The VIF (Variance Inflation Factor) test can be performed using the vif() function from the car package. The interpretation of the VIF values is as follows:

  • VIF > 10: indicates the presence of multicollinearity in the model.
  • VIF < 10: indicates no multicollinearity in the model.
vif(model_backward_clean)
#>         percent_m    mean_education        m_per1000f nonwhites_per1000 
#>          1.818883          3.299894          1.734320          3.076223 
#>        inequality       prob_prison       time_prison        police_exp 
#>          4.038303          3.755321          2.202603          3.065742

Remark : all predictors in the model_backward_clean show no signs of multicollinearity, as none of them have a VIF value above 10.

Conclusion

  1. Adjusted R-squared: The adjusted R-squared value of 0.8041214 indicates that approximately 80.41% of the variation in the response variable (crime_rate) can be explained by the predictor variables in the model_backward_clean. This suggests that the model provides a good explanation of the variation in the data.

  2. RMSE: The RMSE of 156.1276 indicates that, on average, the model_backward_clean predicts the crime_rate with an error of approximately 156.1276. In other words, on average, the model’s predictions differ by 156.1276 from the actual values of the response variable (crime_rate). A lower RMSE value indicates better prediction performance.

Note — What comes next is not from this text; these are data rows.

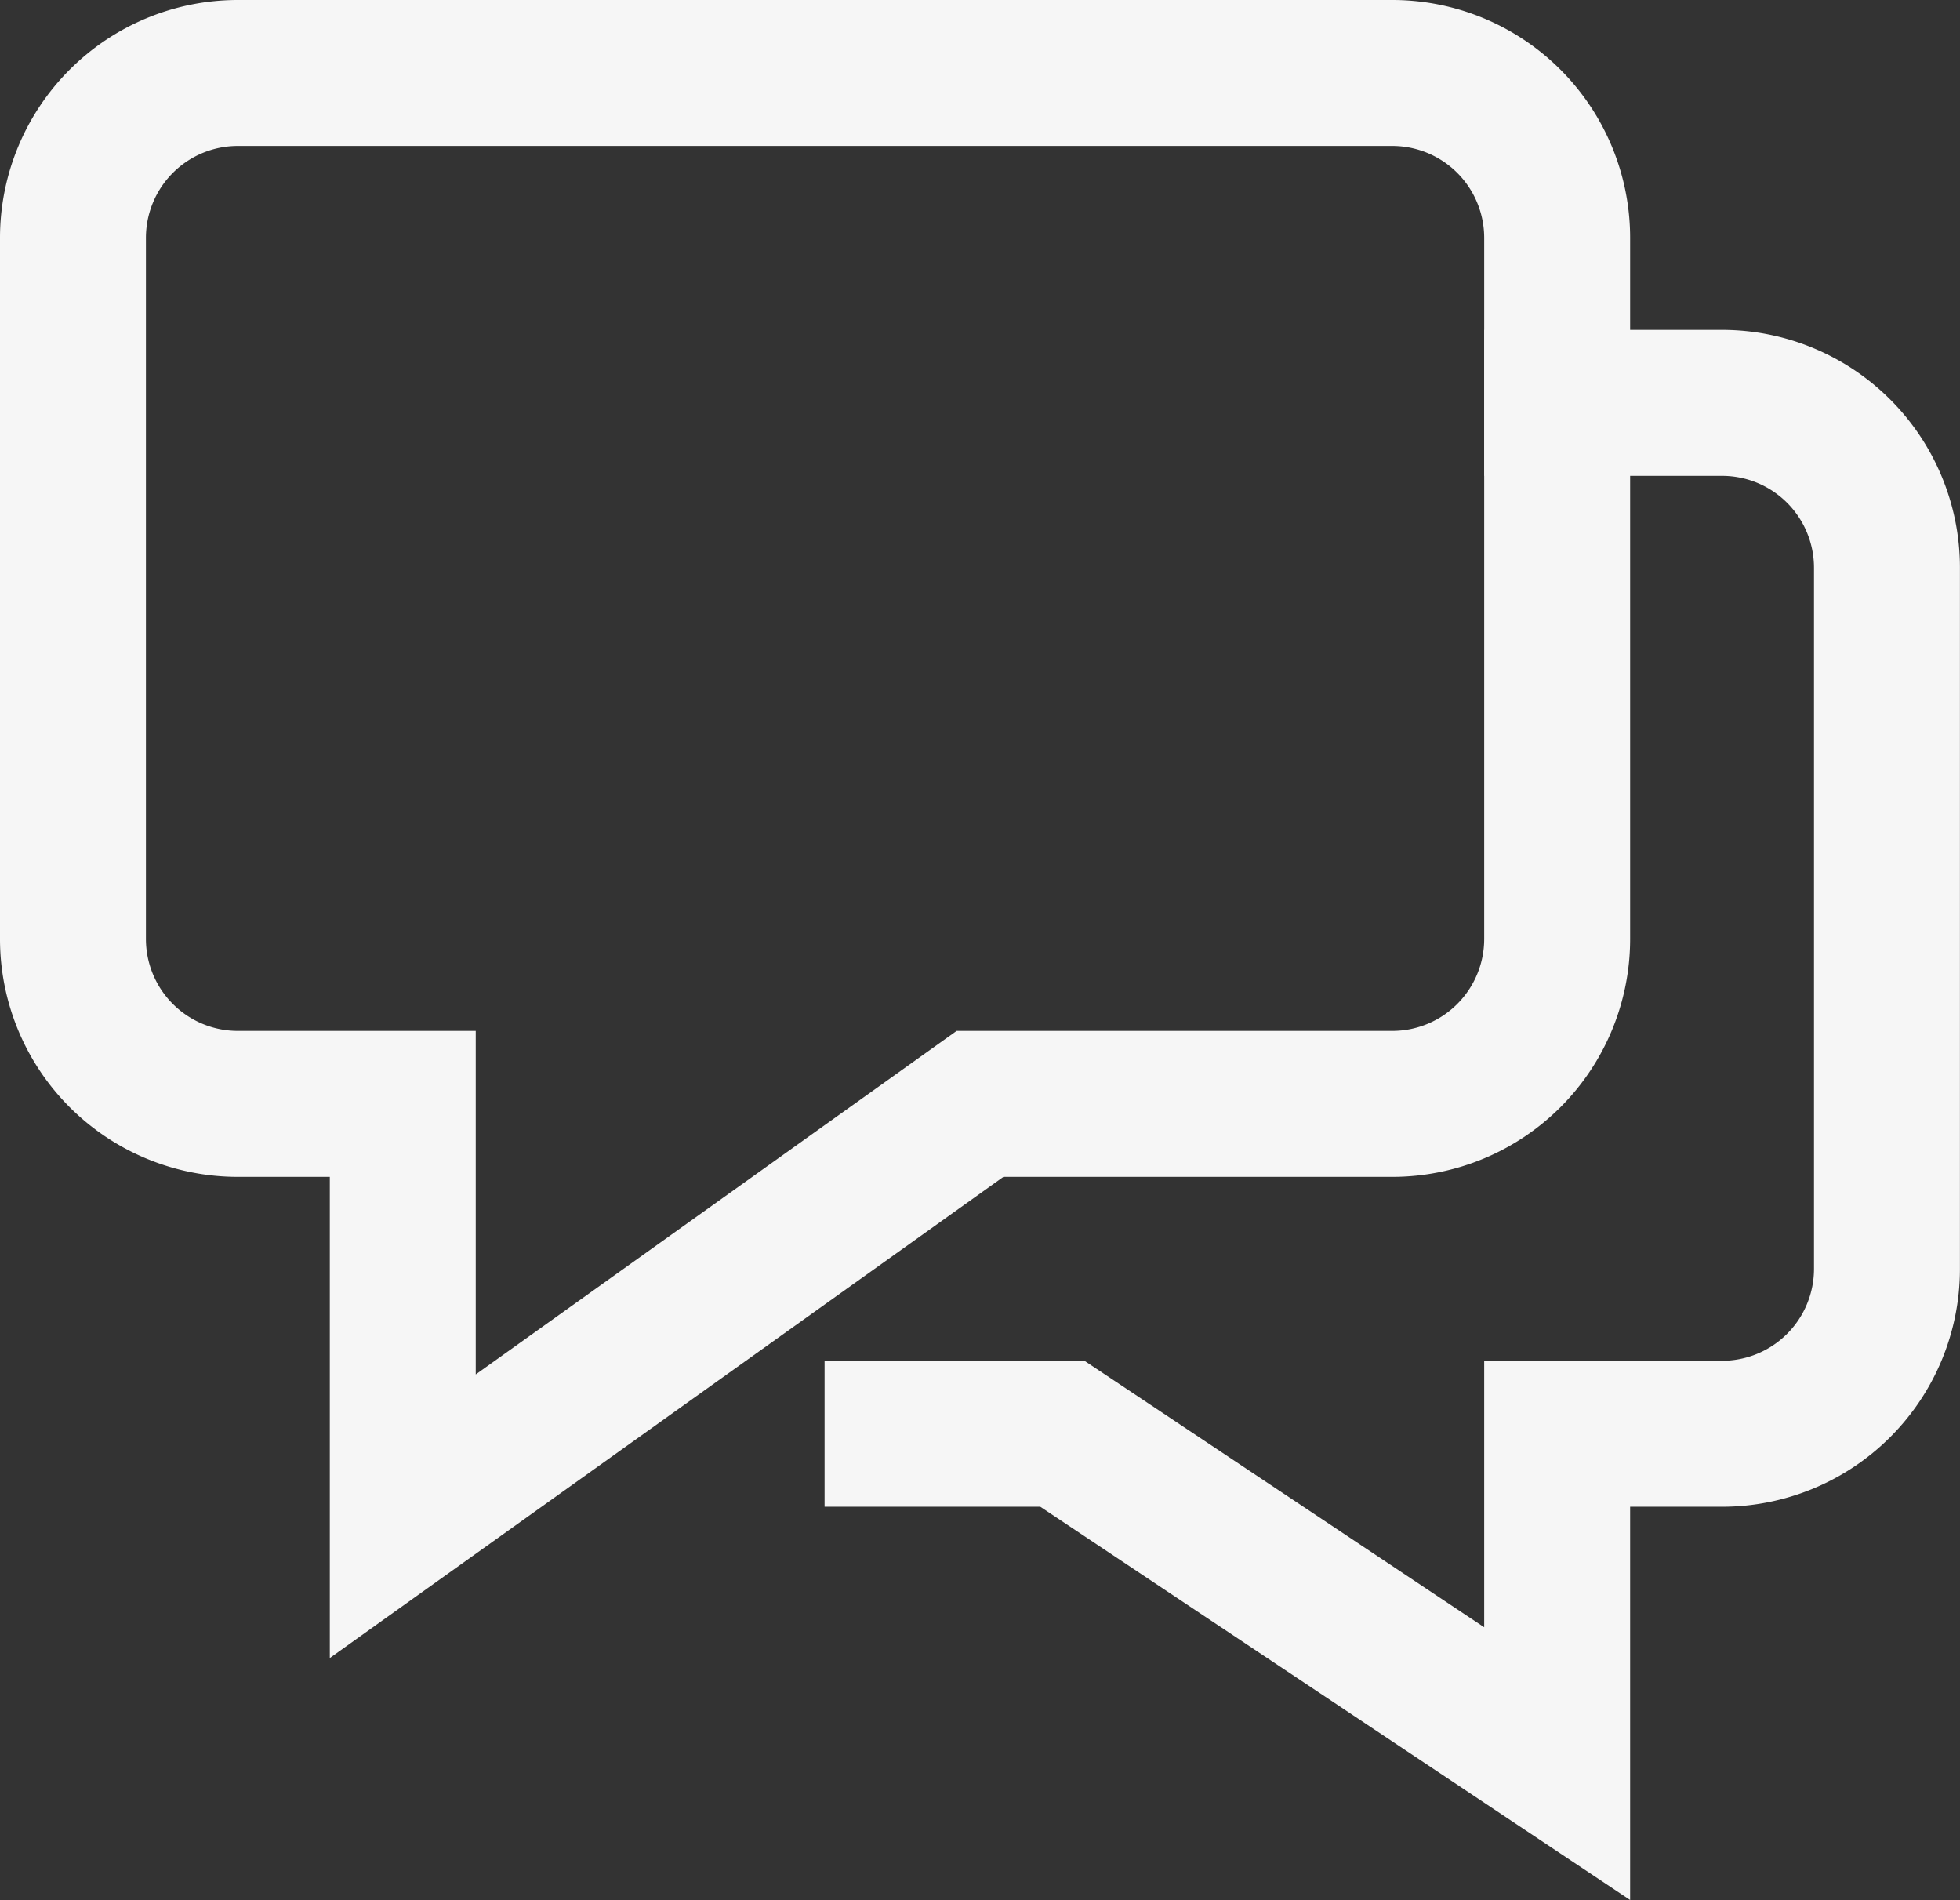 <svg xmlns="http://www.w3.org/2000/svg" width="26.862" height="26.036" viewBox="0 0 26.862 26.036">
  <rect x="0" y="0" width="26.862" height="26.036" fill="#333333" stroke="none"/>
  <g id="comments" transform="translate(-1 -2)">
    <path id="Pfad_118" data-name="Pfad 118" d="M31.041,11H33.3a2.26,2.26,0,0,1,2.26,2.26v9.606a2.26,2.26,0,0,1-2.26,2.26h-2.26v4.52l-6.781-4.52H22" transform="translate(-8.699 -3.48)" fill="none" stroke="#f6f6f6" stroke-linecap="square" stroke-miterlimit="10" stroke-width="2"/>
    <path id="Pfad_119" data-name="Pfad 119" d="M20.081,3H4.26A2.26,2.26,0,0,0,2,5.26v9.606a2.26,2.26,0,0,0,2.26,2.26H6.52v5.65l7.911-5.65h5.65a2.26,2.26,0,0,0,2.26-2.26V5.26A2.26,2.26,0,0,0,20.081,3Z" transform="translate(0)" fill="none" stroke="#f6f6f6" stroke-linecap="square" stroke-miterlimit="10" stroke-width="2"/>
  </g>
</svg>

  3. Comparison with actual values: To gain a better understanding of the prediction errors, compare the RMSE with the range of actual values from the response variable (crime_rate). In this case, with a range of 42 to 1993, an RMSE of 156.1276 falls within a relatively significant range. This suggests that the model’s prediction errors may be relatively large compared to the actual variation in the data.

  4. To enhance this model, we have several options. Firstly, we should consider augmenting the dataset with additional observations since 47 may not be sufficient. Additionally, exploring alternative predictor variables that exhibit stronger linear correlations with the target variable could improve the model’s performance. Moreover, optimizing predictions can be achieved by employing diverse machine learning approaches tailored to predicting crime rates. It is worth noting that linear regression, while highly interpretable, may not be as robust as other algorithms like Random Forest, which offer enhanced predictive capabilities.